[Task material]
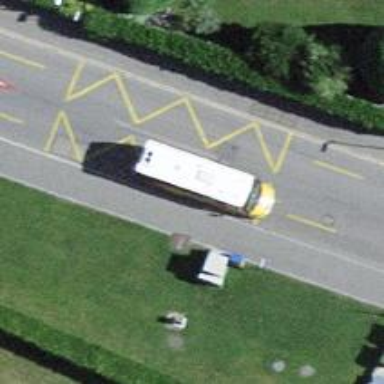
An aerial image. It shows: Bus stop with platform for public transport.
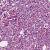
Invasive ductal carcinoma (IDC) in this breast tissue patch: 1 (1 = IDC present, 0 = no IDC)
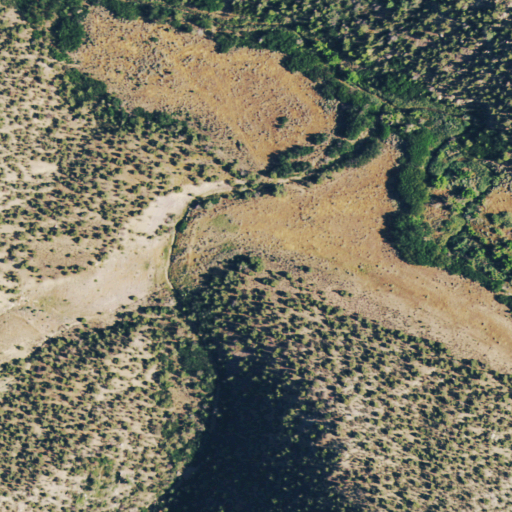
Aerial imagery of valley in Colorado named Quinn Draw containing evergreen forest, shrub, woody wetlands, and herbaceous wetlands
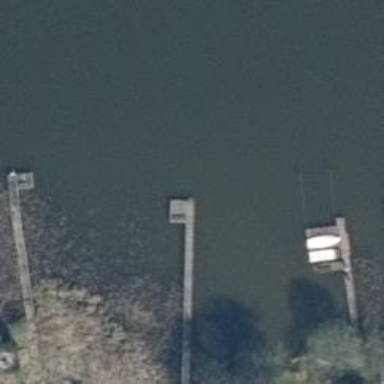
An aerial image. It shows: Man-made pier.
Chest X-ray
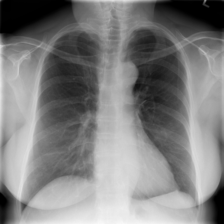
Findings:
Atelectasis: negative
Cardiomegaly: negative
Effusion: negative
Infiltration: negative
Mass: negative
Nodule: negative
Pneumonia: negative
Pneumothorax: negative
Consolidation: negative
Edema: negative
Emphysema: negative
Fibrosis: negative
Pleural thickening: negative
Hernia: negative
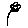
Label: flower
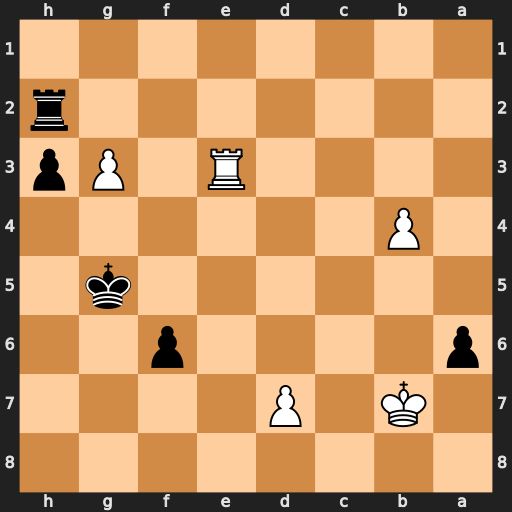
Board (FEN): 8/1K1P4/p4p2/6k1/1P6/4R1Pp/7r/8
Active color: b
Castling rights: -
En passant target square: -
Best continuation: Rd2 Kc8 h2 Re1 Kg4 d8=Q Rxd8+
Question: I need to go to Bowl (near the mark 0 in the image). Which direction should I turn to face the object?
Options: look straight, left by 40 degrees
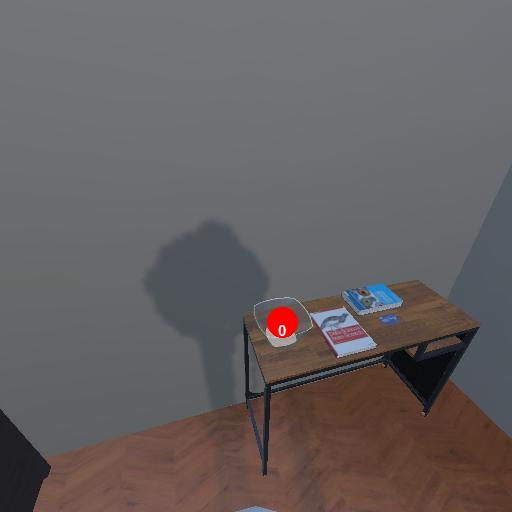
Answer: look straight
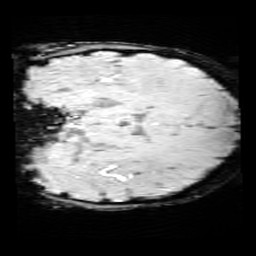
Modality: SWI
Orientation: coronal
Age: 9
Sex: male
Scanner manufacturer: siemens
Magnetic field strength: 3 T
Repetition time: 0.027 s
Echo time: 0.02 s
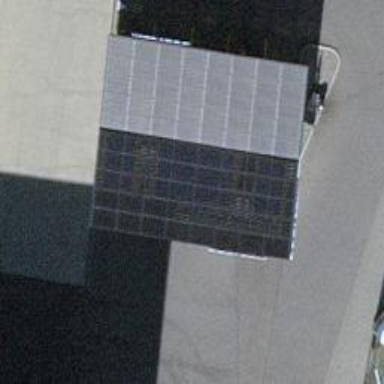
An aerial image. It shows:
[/Task material]
## What is expected
What is needed is every record above printed exactly, with no pictures.

## Completed task
An aerial image. It shows: Bus stop with platform for public transport.
Invasive ductal carcinoma (IDC) in this breast tissue patch: 1 (1 = IDC present, 0 = no IDC)
Aerial imagery of valley in Colorado named Quinn Draw containing evergreen forest, shrub, woody wetlands, and herbaceous wetlands
An aerial image. It shows: Man-made pier.
Chest X-ray
Findings:
Atelectasis: negative
Cardiomegaly: negative
Effusion: negative
Infiltration: negative
Mass: negative
Nodule: negative
Pneumonia: negative
Pneumothorax: negative
Consolidation: negative
Edema: negative
Emphysema: negative
Fibrosis: negative
Pleural thickening: negative
Hernia: negative
Label: flower
Board (FEN): 8/1K1P4/p4p2/6k1/1P6/4R1Pp/7r/8
Active color: b
Castling rights: -
En passant target square: -
Best continuation: Rd2 Kc8 h2 Re1 Kg4 d8=Q Rxd8+
Question: I need to go to Bowl (near the mark 0 in the image). Which direction should I turn to face the object?
Options: look straight, left by 40 degrees
Answer: look straight
Modality: SWI
Orientation: coronal
Age: 9
Sex: male
Scanner manufacturer: siemens
Magnetic field strength: 3 T
Repetition time: 0.027 s
Echo time: 0.02 s
An aerial image. It shows:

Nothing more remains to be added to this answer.